Fantine left the room and went to read her letter once more on
the staircase.

That evening she went out, and was seen to turn her steps in the
direction of the Rue de Paris, where the inns are situated.

The next morning, when Marguerite entered Fantine's room
before daylight,--for they always worked together, and in this
manner used only one candle for the two,--she found Fantine
seated on her bed, pale and frozen. She had not lain down.
Her cap had fallen on her knees. Her candle had burned all night,
and was almost entirely consumed. Marguerite halted on the threshold,
petrified at this tremendous wastefulness, and exclaimed:--

"Lord! the candle is all burned out! Something has happened."

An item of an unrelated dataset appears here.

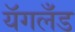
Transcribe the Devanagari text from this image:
यॅगलँड
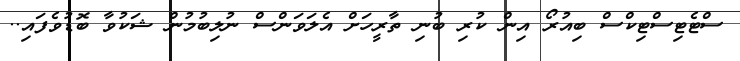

Then she looked at Fantine, who turned toward her her head bereft
of its hair.

Fantine had grown ten years older since the preceding night.

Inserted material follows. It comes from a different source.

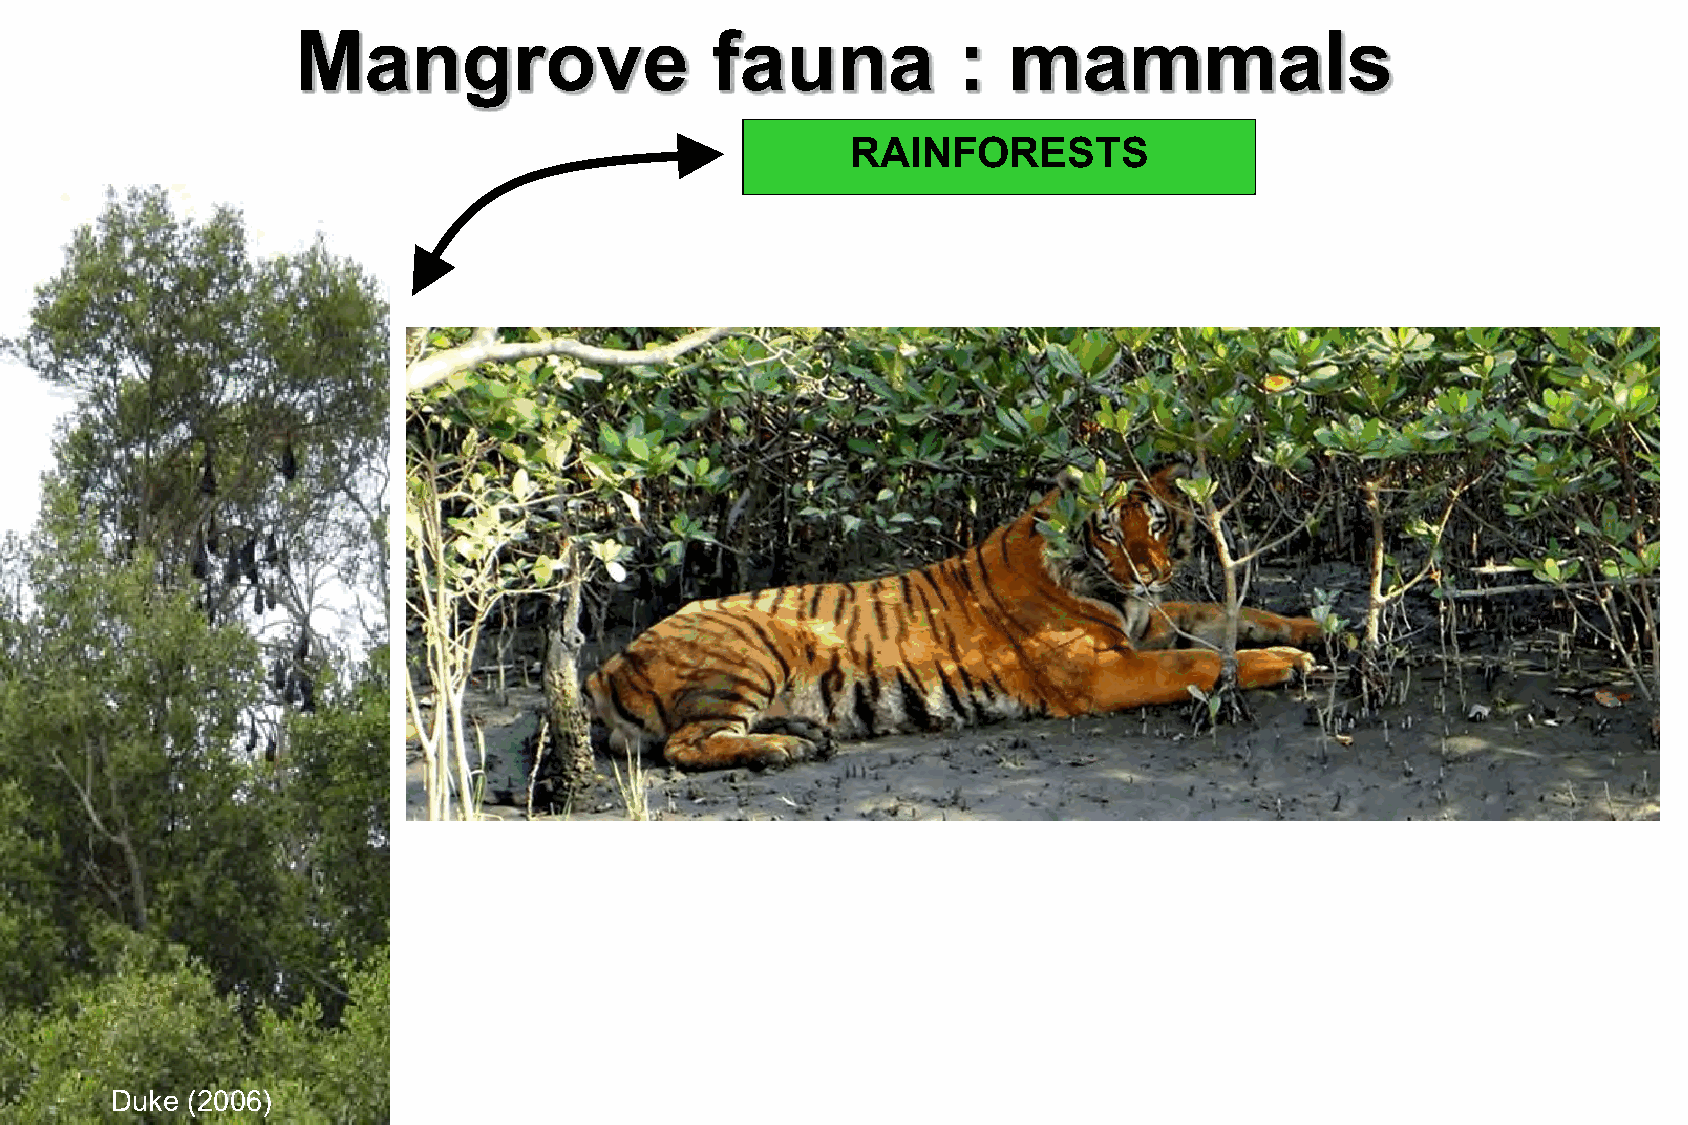
Mangrove                   fauna           :   mammals
 RAINFORESTS
 Duke (2006)

"Jesus!" said Marguerite, "what is the matter with you, Fantine?"

"Nothing," replied Fantine. "Quite the contrary. My child will
not die of that frightful malady, for lack of succor. I am content."

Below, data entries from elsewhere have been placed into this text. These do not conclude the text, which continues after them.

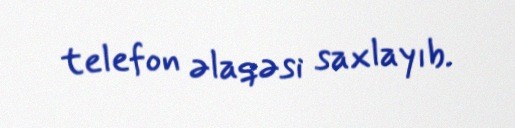
telefon əlaqəsi saxlayıb.
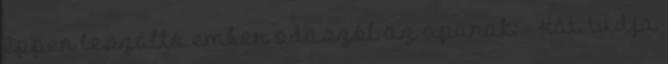
éppen leszálló ember odaszól az apának: - Hát, tudja
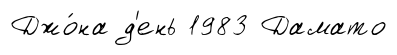
Джо́на д'ень 1983 Дамато
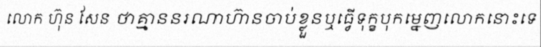
លោក ហ៊ុន សែន ថាគ្មាននរណាហ៊ានចាប់ខ្លួនឬធ្វើទុក្ខបុកម្នេញលោកនោះទេ
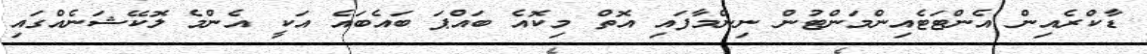
ޑާކްރެއިން އެންޓަޓެއިންމަންޓުން ނިންމާފައި އޮތް މިކޮއެ ބައްޕަ ބައެބައެ އަކީ އެންމެ ލޮކޭޝަނެއްގައި

So saying, she pointed out to the spinster two napoleons which were
glittering on the table.

"Ah! Jesus God!" cried Marguerite. "Why, it is a fortune!
Where did you get those louis d'or?"

"I got them," replied Fantine.

At the same time she smiled. The candle illuminated her countenance.
It was a bloody smile. A reddish saliva soiled the corners of her lips,
and she had a black hole in her mouth.

The two teeth had been extracted.

She sent the forty francs to Montfermeil.

After all it was a ruse of the Thenardiers to obtain money.
Cosette was not ill.

Fantine threw her mirror out of the window. She had long since
quitted her cell on the second floor for an attic with only a latch
to fasten it, next the roof; one of those attics whose extremity forms
an angle with the floor, and knocks you on the head every instant.
The poor occupant can reach the end of his chamber as he can
the end of his destiny, only by bending over more and more.

She had no longer a bed; a rag which she called her coverlet,
a mattress on the floor, and a seatless chair still remained.
A little rosebush which she had, had dried up, forgotten, in one corner.
In the other corner was a butter-pot to hold water, which froze
in winter, and in which the various levels of the water remained
long marked by these circles of ice. She had lost her shame;
she lost her coquetry. A final sign. She went out, with dirty caps.
Whether from lack of time or from indifference, she no longer mended
her linen. As the heels wore out, she dragged her stockings down
into her shoes. This was evident from the perpendicular wrinkles.
She patched her bodice, which was old and worn out, with scraps
of calico which tore at the slightest movement. The people
to whom she was indebted made "scenes" and gave her no peace.
She found them in the street, she found them again on her staircase.
She passed many a night weeping and thinking. Her eyes were
very bright, and she felt a steady pain in her shoulder towards
the top of the left shoulder-blade. She coughed a great deal.
She deeply hated Father Madeleine, but made no complaint. She sewed
seventeen hours a day; but a contractor for the work of prisons,
who made the prisoners work at a discount, suddenly made prices fall,
which reduced the daily earnings of working-women to nine sous.
Seventeen hours of toil, and nine sous a day! Her creditors were more
pitiless than ever. The second-hand dealer, who had taken back nearly
all his furniture, said to her incessantly, "When will you pay me,
you hussy?" What did they want of her, good God! She felt that she
was being hunted, and something of the wild beast developed in her.
About the same time, Thenardier wrote to her that he had waited
with decidedly too much amiability and that he must have a hundred
francs at once; otherwise he would turn little Cosette out of doors,
convalescent as she was from her heavy illness, into the cold
and the streets, and that she might do what she liked with herself,
and die if she chose. "A hundred francs," thought Fantine.
"But in what trade can one earn a hundred sous a day?"

"Come!" said she, "let us sell what is left."

The unfortunate girl became a woman of the town.